• Input records

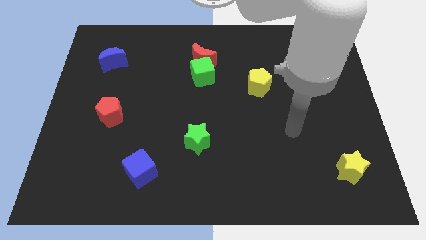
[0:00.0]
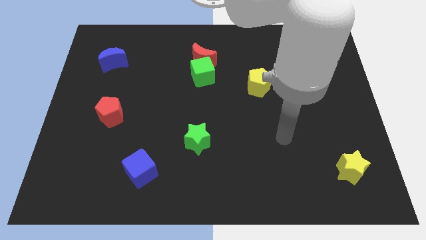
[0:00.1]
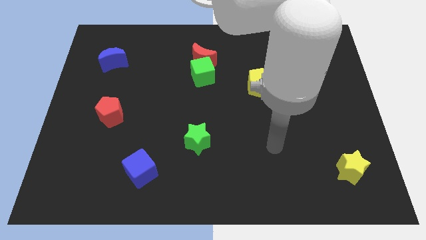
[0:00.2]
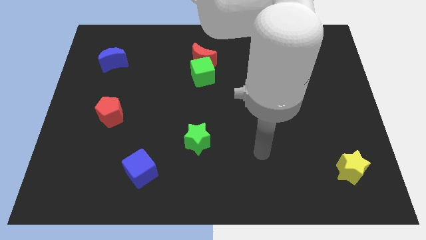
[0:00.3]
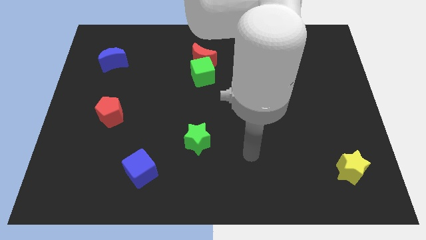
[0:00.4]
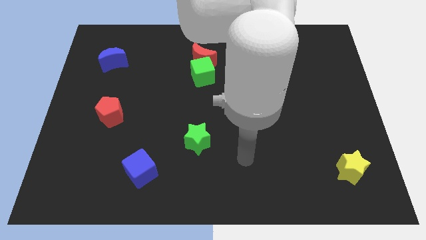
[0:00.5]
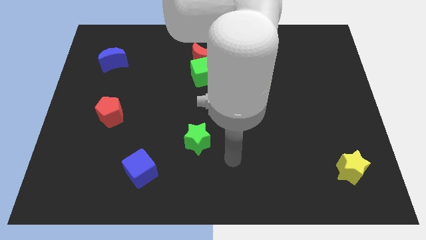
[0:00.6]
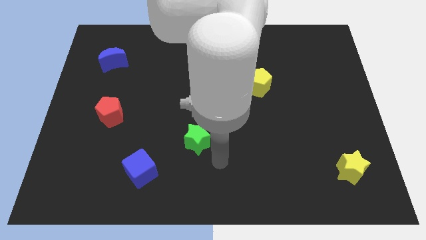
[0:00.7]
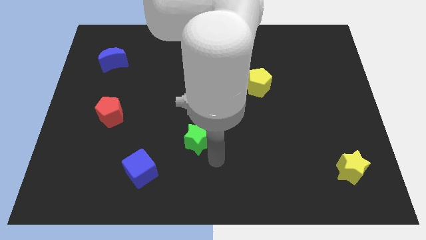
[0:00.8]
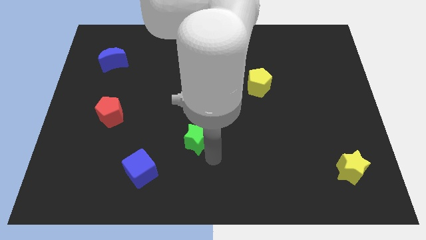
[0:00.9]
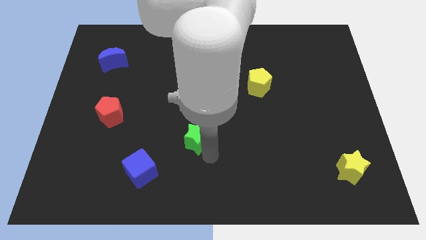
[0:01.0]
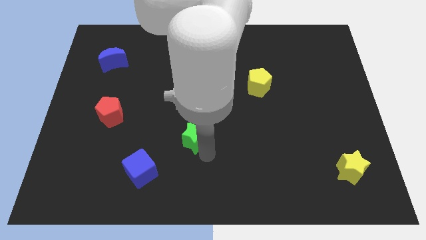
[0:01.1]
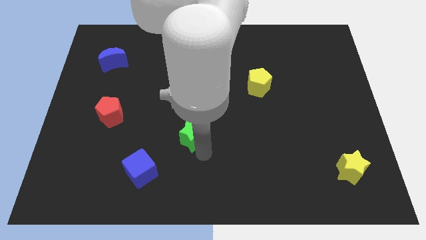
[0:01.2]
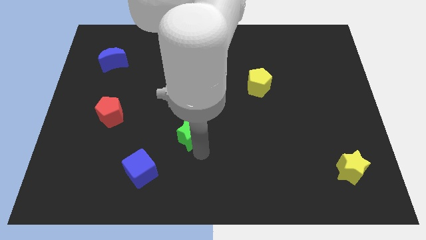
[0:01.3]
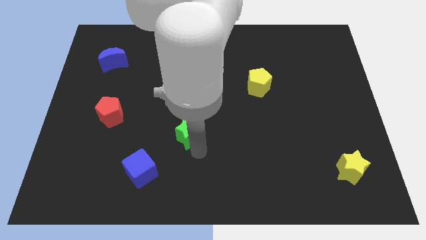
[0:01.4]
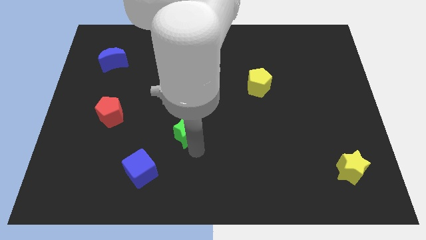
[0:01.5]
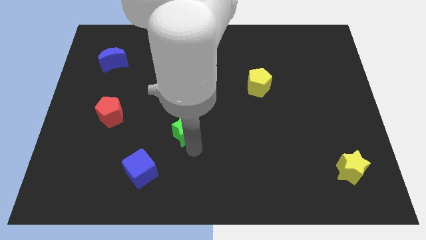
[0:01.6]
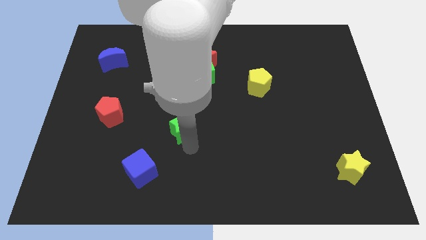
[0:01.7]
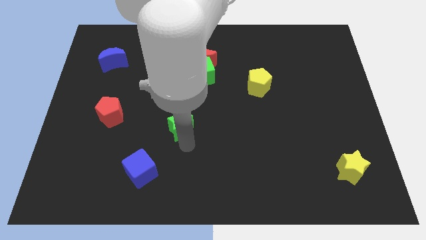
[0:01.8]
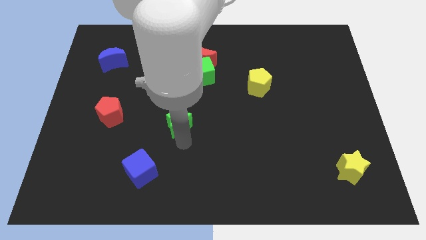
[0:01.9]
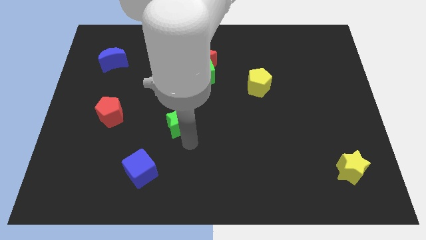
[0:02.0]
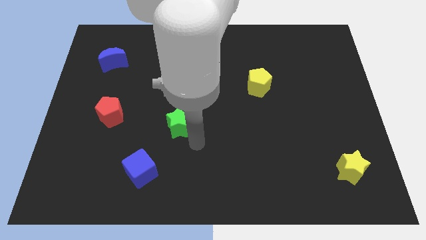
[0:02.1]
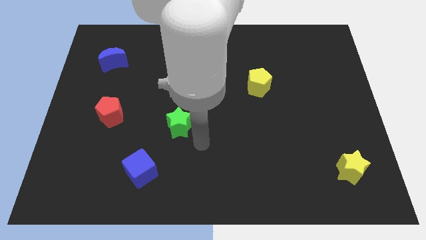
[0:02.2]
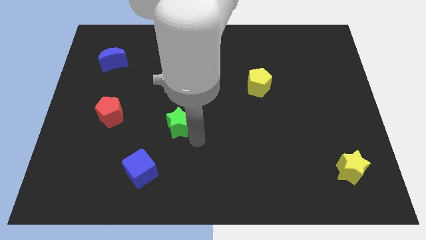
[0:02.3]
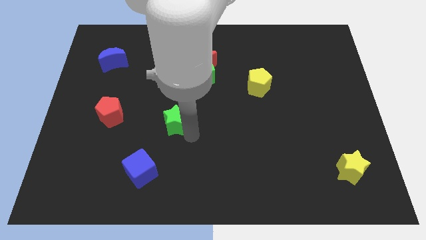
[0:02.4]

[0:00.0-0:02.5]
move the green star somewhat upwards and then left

• Exercise aim
Could you transcribe all of the data exactly, keeping every picture out of the copy?

• Answer
[0:00.0]
[0:00.1]
[0:00.2]
[0:00.3]
[0:00.4]
[0:00.5]
[0:00.6]
[0:00.7]
[0:00.8]
[0:00.9]
[0:01.0]
[0:01.1]
[0:01.2]
[0:01.3]
[0:01.4]
[0:01.5]
[0:01.6]
[0:01.7]
[0:01.8]
[0:01.9]
[0:02.0]
[0:02.1]
[0:02.2]
[0:02.3]
[0:02.4]

[0:00.0-0:02.5]
move the green star somewhat upwards and then left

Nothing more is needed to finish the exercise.